Stored items

☆ ☆ ☆

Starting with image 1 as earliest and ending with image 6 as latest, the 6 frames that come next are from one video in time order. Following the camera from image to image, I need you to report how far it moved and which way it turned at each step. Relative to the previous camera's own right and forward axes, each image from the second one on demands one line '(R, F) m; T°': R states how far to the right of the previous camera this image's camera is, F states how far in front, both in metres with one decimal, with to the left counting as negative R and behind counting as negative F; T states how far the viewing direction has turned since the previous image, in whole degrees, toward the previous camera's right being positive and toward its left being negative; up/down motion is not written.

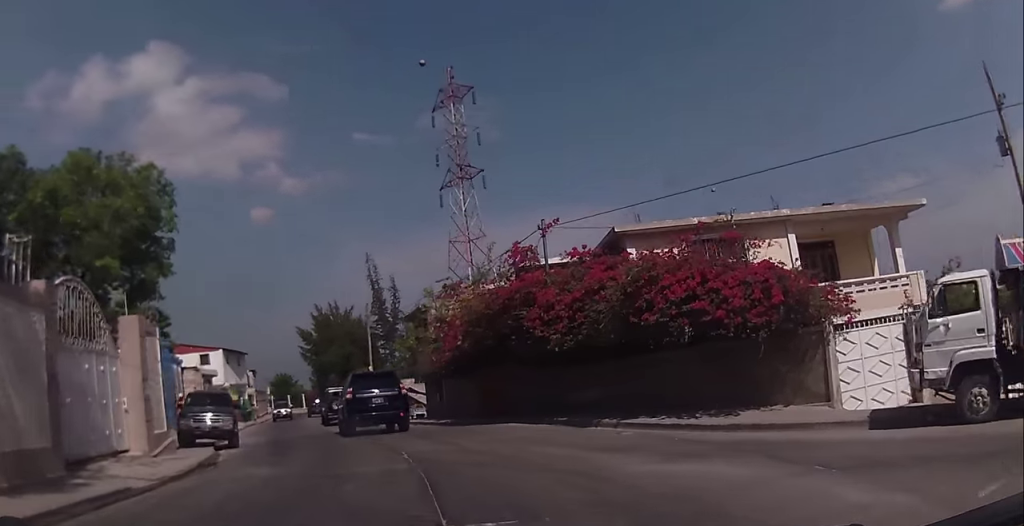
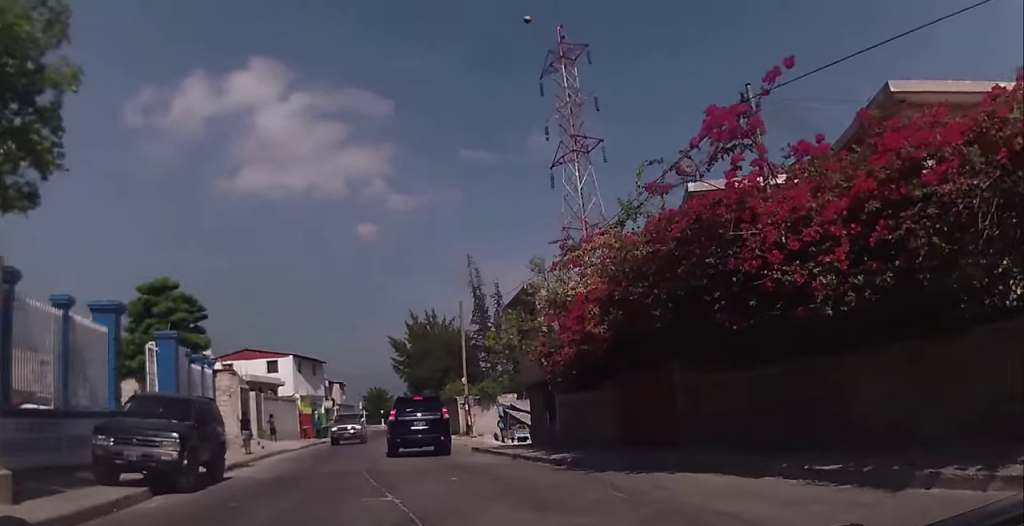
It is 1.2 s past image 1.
(-0.1, +8.4) m; -6°
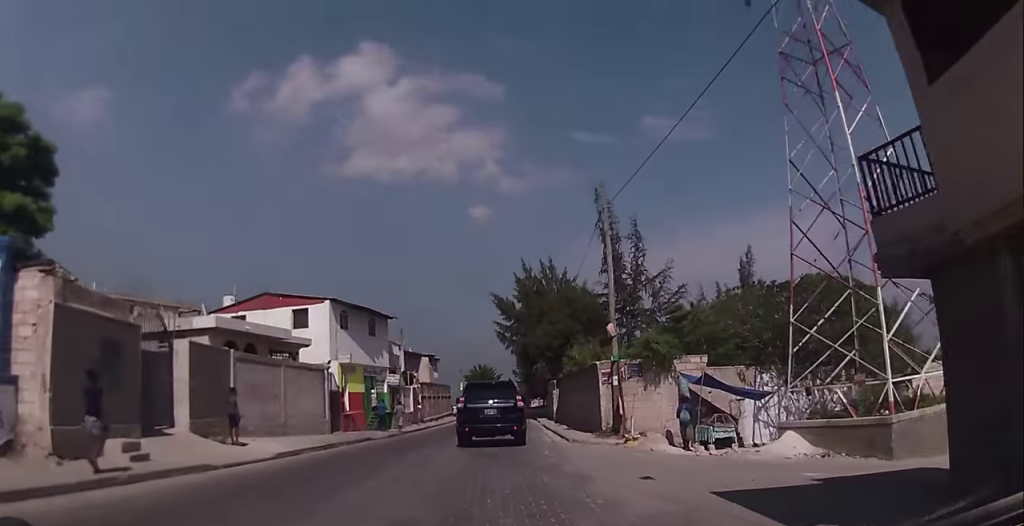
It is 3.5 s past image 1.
(-0.7, +19.2) m; -3°
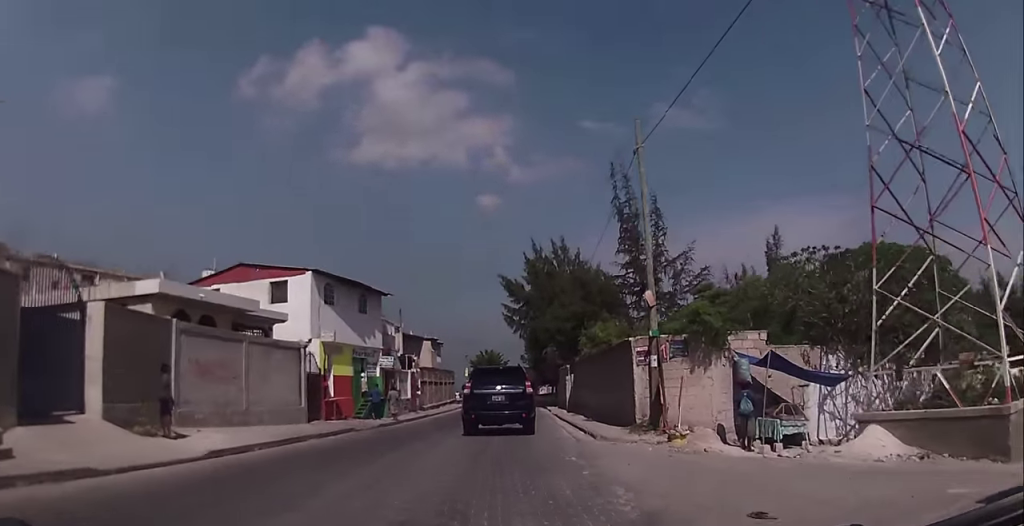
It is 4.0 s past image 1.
(-0.1, +4.4) m; -2°
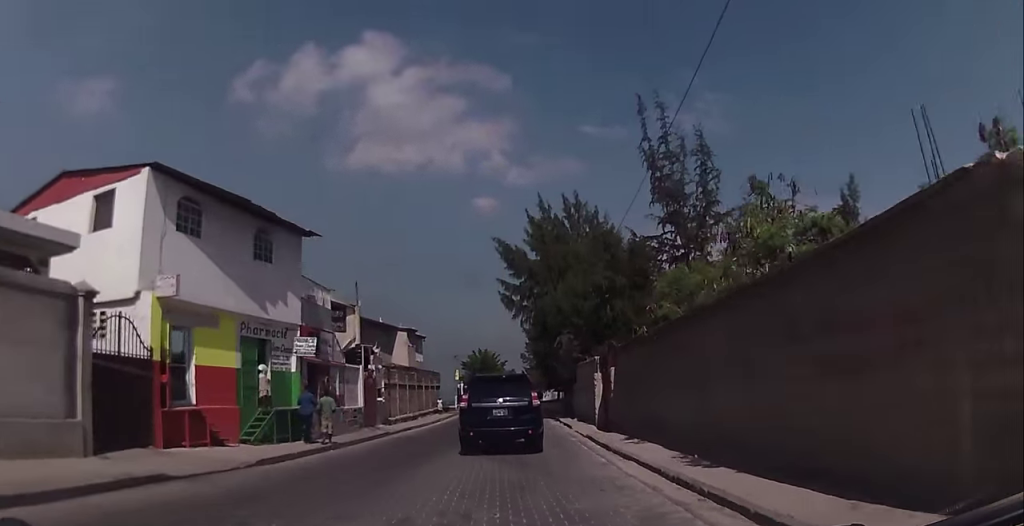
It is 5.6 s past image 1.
(0.0, +14.1) m; +2°
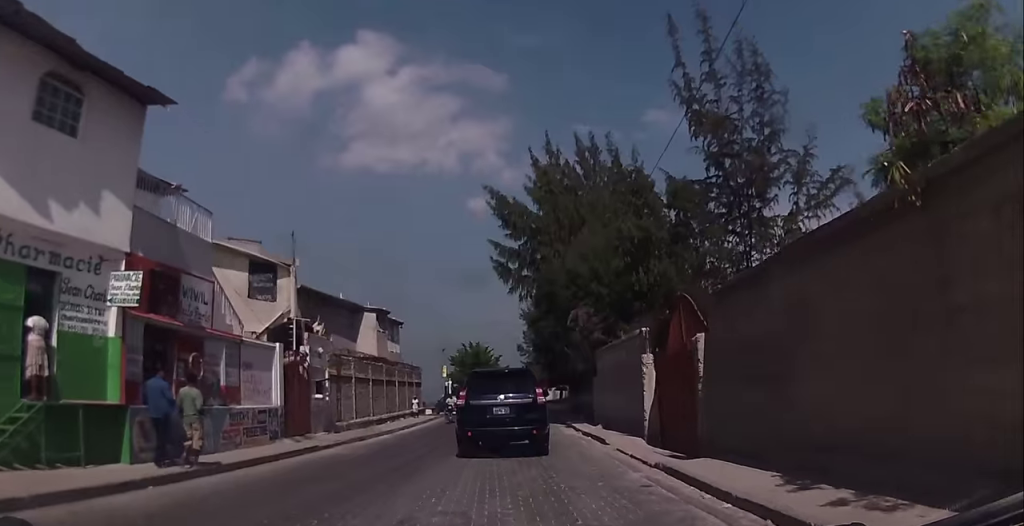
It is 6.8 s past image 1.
(+0.1, +10.6) m; -1°

☆ ☆ ☆

Work required:
The reply has to reproduce every line above verbatim and contain no pictures.

Answer to the exercise:
Starting with image 1 as earliest and ending with image 6 as latest, the 6 frames that come next are from one video in time order. Following the camera from image to image, I need you to report how far it moved and which way it turned at each step. Relative to the previous camera's own right and forward axes, each image from the second one on demands one line '(R, F) m; T°': R states how far to the right of the previous camera this image's camera is, F states how far in front, both in metres with one decimal, with to the left counting as negative R and behind counting as negative F; T states how far the viewing direction has turned since the previous image, in whole degrees, toward the previous camera's right being positive and toward its left being negative; up/down motion is not written.

It is 1.2 s past image 1.
(-0.1, +8.4) m; -6°
It is 3.5 s past image 1.
(-0.7, +19.2) m; -3°
It is 4.0 s past image 1.
(-0.1, +4.4) m; -2°
It is 5.6 s past image 1.
(0.0, +14.1) m; +2°
It is 6.8 s past image 1.
(+0.1, +10.6) m; -1°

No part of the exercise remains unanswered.